> [Information provided]
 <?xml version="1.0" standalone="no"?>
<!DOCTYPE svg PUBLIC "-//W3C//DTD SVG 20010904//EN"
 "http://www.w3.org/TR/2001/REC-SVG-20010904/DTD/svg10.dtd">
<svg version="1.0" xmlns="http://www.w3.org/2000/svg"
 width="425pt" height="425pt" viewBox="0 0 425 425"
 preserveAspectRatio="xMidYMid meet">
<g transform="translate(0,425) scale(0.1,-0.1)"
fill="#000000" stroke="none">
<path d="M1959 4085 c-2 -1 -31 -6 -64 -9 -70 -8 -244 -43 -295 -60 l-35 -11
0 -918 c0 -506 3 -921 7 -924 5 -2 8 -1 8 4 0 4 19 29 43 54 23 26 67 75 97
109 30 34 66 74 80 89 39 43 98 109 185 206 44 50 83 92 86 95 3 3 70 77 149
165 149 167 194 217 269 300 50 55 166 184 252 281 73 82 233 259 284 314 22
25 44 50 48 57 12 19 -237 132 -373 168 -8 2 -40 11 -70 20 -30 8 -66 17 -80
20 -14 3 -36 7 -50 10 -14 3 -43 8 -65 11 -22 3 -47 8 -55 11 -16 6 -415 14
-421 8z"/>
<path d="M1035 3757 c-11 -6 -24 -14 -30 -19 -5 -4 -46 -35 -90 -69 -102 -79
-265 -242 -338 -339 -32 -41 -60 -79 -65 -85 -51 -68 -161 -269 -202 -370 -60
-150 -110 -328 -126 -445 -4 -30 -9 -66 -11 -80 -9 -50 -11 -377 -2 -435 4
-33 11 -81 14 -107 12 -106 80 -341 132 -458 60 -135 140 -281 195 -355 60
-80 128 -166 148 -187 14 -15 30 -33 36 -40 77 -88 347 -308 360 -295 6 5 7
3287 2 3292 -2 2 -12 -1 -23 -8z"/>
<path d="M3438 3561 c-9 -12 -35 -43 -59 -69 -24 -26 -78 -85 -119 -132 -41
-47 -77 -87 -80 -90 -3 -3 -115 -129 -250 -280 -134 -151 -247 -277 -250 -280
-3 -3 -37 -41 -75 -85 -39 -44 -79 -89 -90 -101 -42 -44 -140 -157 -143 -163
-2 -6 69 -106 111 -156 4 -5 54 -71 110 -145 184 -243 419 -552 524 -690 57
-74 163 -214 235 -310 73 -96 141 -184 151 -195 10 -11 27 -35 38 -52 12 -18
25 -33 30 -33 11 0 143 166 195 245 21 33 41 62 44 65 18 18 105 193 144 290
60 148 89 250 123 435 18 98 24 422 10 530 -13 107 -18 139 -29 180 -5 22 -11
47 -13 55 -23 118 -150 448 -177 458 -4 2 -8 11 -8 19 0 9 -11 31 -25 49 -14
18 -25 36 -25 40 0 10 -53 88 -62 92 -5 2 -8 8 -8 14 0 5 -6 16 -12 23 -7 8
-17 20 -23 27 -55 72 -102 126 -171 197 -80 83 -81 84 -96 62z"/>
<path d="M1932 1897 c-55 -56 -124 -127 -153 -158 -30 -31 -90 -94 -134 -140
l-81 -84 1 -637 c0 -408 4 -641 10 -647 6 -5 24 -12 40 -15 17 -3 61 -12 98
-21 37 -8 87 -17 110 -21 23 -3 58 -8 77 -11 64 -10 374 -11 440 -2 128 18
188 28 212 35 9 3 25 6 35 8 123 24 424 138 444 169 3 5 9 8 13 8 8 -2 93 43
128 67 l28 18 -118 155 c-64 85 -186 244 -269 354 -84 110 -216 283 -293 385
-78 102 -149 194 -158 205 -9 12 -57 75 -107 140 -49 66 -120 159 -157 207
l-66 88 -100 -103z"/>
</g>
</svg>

> [Exercise prompt] Which lines in the records contain the word "path"? Copy each one.

> [Solution to this problem]
<path d="M1959 4085 c-2 -1 -31 -6 -64 -9 -70 -8 -244 -43 -295 -60 l-35 -11
<path d="M1035 3757 c-11 -6 -24 -14 -30 -19 -5 -4 -46 -35 -90 -69 -102 -79
<path d="M3438 3561 c-9 -12 -35 -43 -59 -69 -24 -26 -78 -85 -119 -132 -41
<path d="M1932 1897 c-55 -56 -124 -127 -153 -158 -30 -31 -90 -94 -134 -140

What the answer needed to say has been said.